*** Opening of Records to process ***

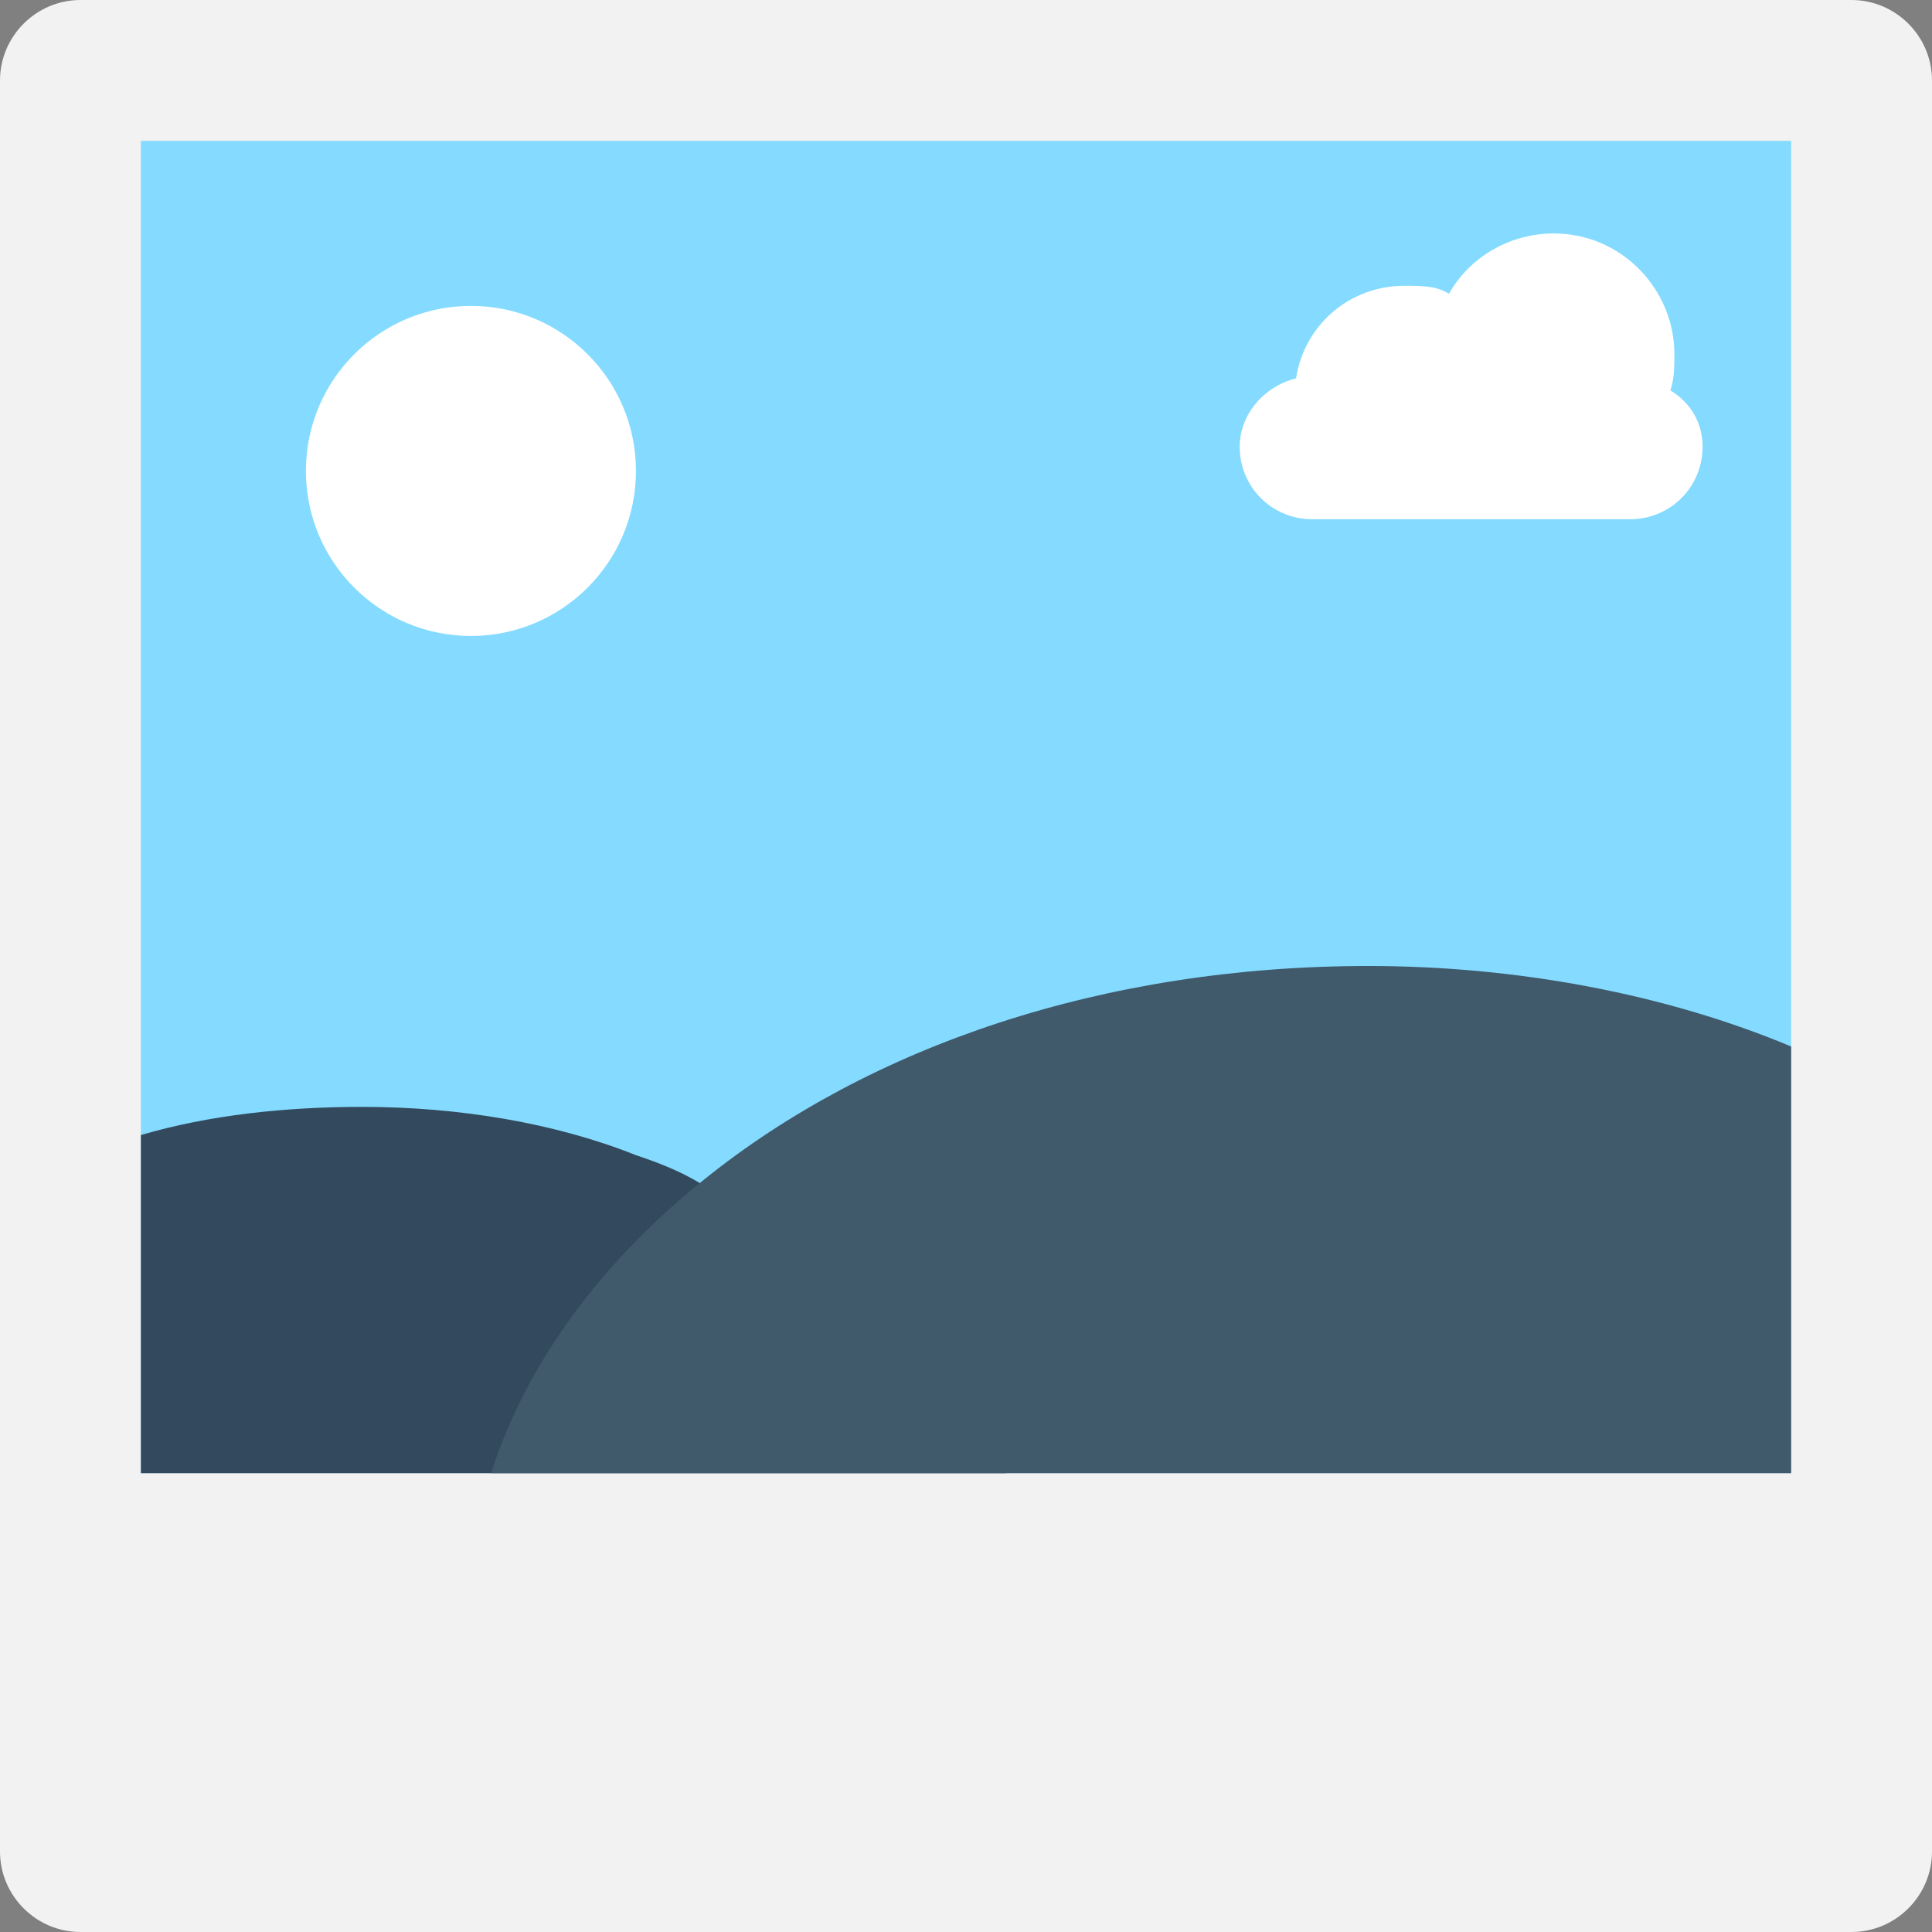 <?xml version="1.0" encoding="iso-8859-1"?>
<!-- Uploaded to: SVG Repo, www.svgrepo.com, Generator: SVG Repo Mixer Tools -->
<svg version="1.1" id="Layer_1" xmlns="http://www.w3.org/2000/svg" xmlns:xlink="http://www.w3.org/1999/xlink" 
	 viewBox="0 0 501.551 501.551" xml:space="preserve">
<rect x="0" y="0" width="501.551" height="501.551" fill="#808080" stroke="none"/>
<path style="fill:#F2F2F2;" d="M480.653,0H20.898C9.404,0,0,9.404,0,20.898v459.755c0,11.494,9.404,20.898,20.898,20.898h459.755
	c11.494,0,20.898-9.404,20.898-20.898V20.898C501.551,9.404,492.147,0,480.653,0z"/>
<rect x="36.571" y="36.571" style="fill:#84DBFF;" width="428.408" height="345.861"/>
<path style="fill:#334A5E;" d="M261.224,382.433H36.571v-87.771c17.763-5.224,37.616-7.314,57.469-7.314
	c25.078,0,50.155,4.18,71.053,12.539c6.269,2.09,11.494,4.18,16.718,7.314C218.384,323.918,246.596,350.041,261.224,382.433z"/>
<path style="fill:#40596B;" d="M464.98,271.673v110.759H127.478c9.404-29.257,29.257-55.38,55.38-76.278
	c42.841-34.482,103.445-55.38,172.408-55.38C393.927,250.776,432.588,258.09,464.98,271.673z"/>
<g>
	<circle style="fill:#FFFFFF;" cx="122.253" cy="122.253" r="42.841"/>
	<path style="fill:#FFFFFF;" d="M433.633,101.355c1.045-3.135,1.045-6.269,1.045-9.404c0-16.718-13.584-31.347-31.347-31.347
		c-11.494,0-21.943,6.269-27.167,15.673c-3.135-2.09-7.314-2.09-11.494-2.09c-14.629,0-26.122,10.449-28.212,24.033
		c-8.359,2.09-14.629,9.404-14.629,17.763c0,10.449,8.359,18.808,18.808,18.808h82.547c10.449,0,18.808-8.359,18.808-18.808
		C441.992,109.714,438.857,104.49,433.633,101.355z"/>
</g>
</svg>

*** Close of Records to process ***

#### Work item
Copy all lines from the data above that contain the word "rect".

#### Response to this task
<rect x="0" y="0" width="501.551" height="501.551" fill="#808080" stroke="none"/>
<rect x="36.571" y="36.571" style="fill:#84DBFF;" width="428.408" height="345.861"/>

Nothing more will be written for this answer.